(Data extracted from a collection)
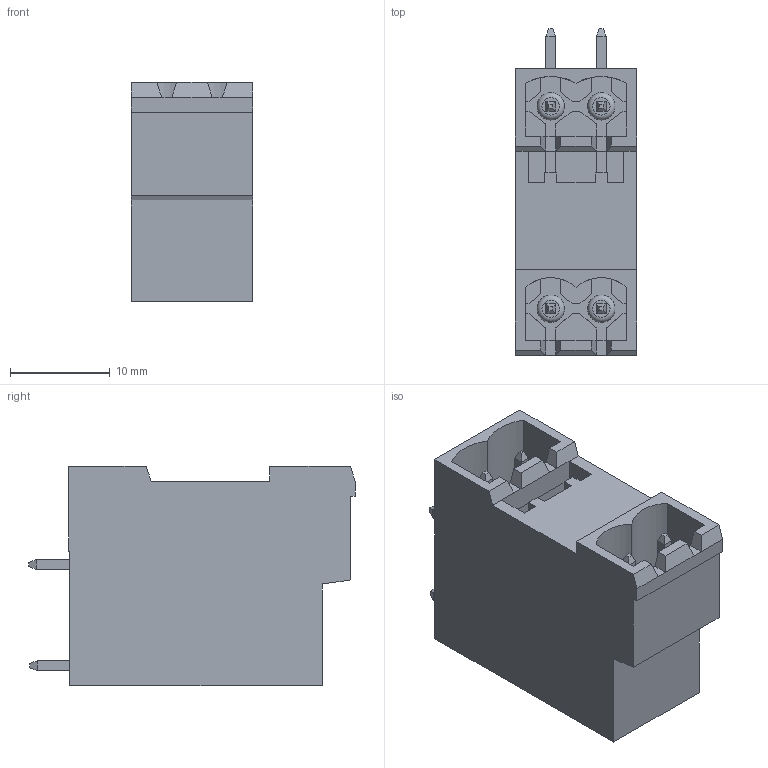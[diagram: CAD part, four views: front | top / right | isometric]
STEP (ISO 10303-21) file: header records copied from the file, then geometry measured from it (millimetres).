
FILE_DESCRIPTION( ( 'Unknown' ), '1' );
FILE_NAME( '691331510004.stp', 'Unknown', ( 'Unknown' ), ( 'Unknown' ), 'PSStep 15.0.49', 'Unknown', ' ' );
FILE_SCHEMA( ( 'AUTOMOTIVE_DESIGN { 1 0 10303 214 1 1 1 1 }' ) );
Length unit declared in the file: millimetre
Products named in the file (5): Assem1; 691333500004; 6913315100xx_PIN LONGUE; 6913315100xx_PIN; 691333500004_CAPOT
Assembly tree (6 placements, depth 2):
  Assem1
    691333500004
    6913315100xx_PIN LONGUE  x2
    6913315100xx_PIN  x2
    691333500004_CAPOT
Bounding box: 12.16 x 32.8 x 22 mm (x, y, z)
Volume: 3136.3 mm3; surface area: 5900 mm2
Topology: 6 solids, 6 shells, 322 faces, 878 edges, 570 vertices
Faces by surface type: plane 300, cylinder 18, torus 4
Full cylindrical faces by diameter (mm): 1.7 x2, 2.75 x4
Entity records: 11400 total; most frequent: CARTESIAN_POINT 1607, ORIENTED_EDGE 1580, DIRECTION 1424, EDGE_CURVE 790, LINE 746, VECTOR 746, VERTEX_POINT 522, AXIS2_PLACEMENT_3D 339

- Action item
All of the records need repeating exactly, except for the pictures.

- Completed exercise
[diagram: CAD part, four views: front | top / right | isometric]
STEP (ISO 10303-21) file: header records copied from the file, then geometry measured from it (millimetres).
FILE_DESCRIPTION( ( 'Unknown' ), '1' );
FILE_NAME( '691331510004.stp', 'Unknown', ( 'Unknown' ), ( 'Unknown' ), 'PSStep 15.0.49', 'Unknown', ' ' );
FILE_SCHEMA( ( 'AUTOMOTIVE_DESIGN { 1 0 10303 214 1 1 1 1 }' ) );
Length unit declared in the file: millimetre
Products named in the file (5): Assem1; 691333500004; 6913315100xx_PIN LONGUE; 6913315100xx_PIN; 691333500004_CAPOT
Assembly tree (6 placements, depth 2):
  Assem1
    691333500004
    6913315100xx_PIN LONGUE  x2
    6913315100xx_PIN  x2
    691333500004_CAPOT
Bounding box: 12.16 x 32.8 x 22 mm (x, y, z)
Volume: 3136.3 mm3; surface area: 5900 mm2
Topology: 6 solids, 6 shells, 322 faces, 878 edges, 570 vertices
Faces by surface type: plane 300, cylinder 18, torus 4
Full cylindrical faces by diameter (mm): 1.7 x2, 2.75 x4
Entity records: 11400 total; most frequent: CARTESIAN_POINT 1607, ORIENTED_EDGE 1580, DIRECTION 1424, EDGE_CURVE 790, LINE 746, VECTOR 746, VERTEX_POINT 522, AXIS2_PLACEMENT_3D 339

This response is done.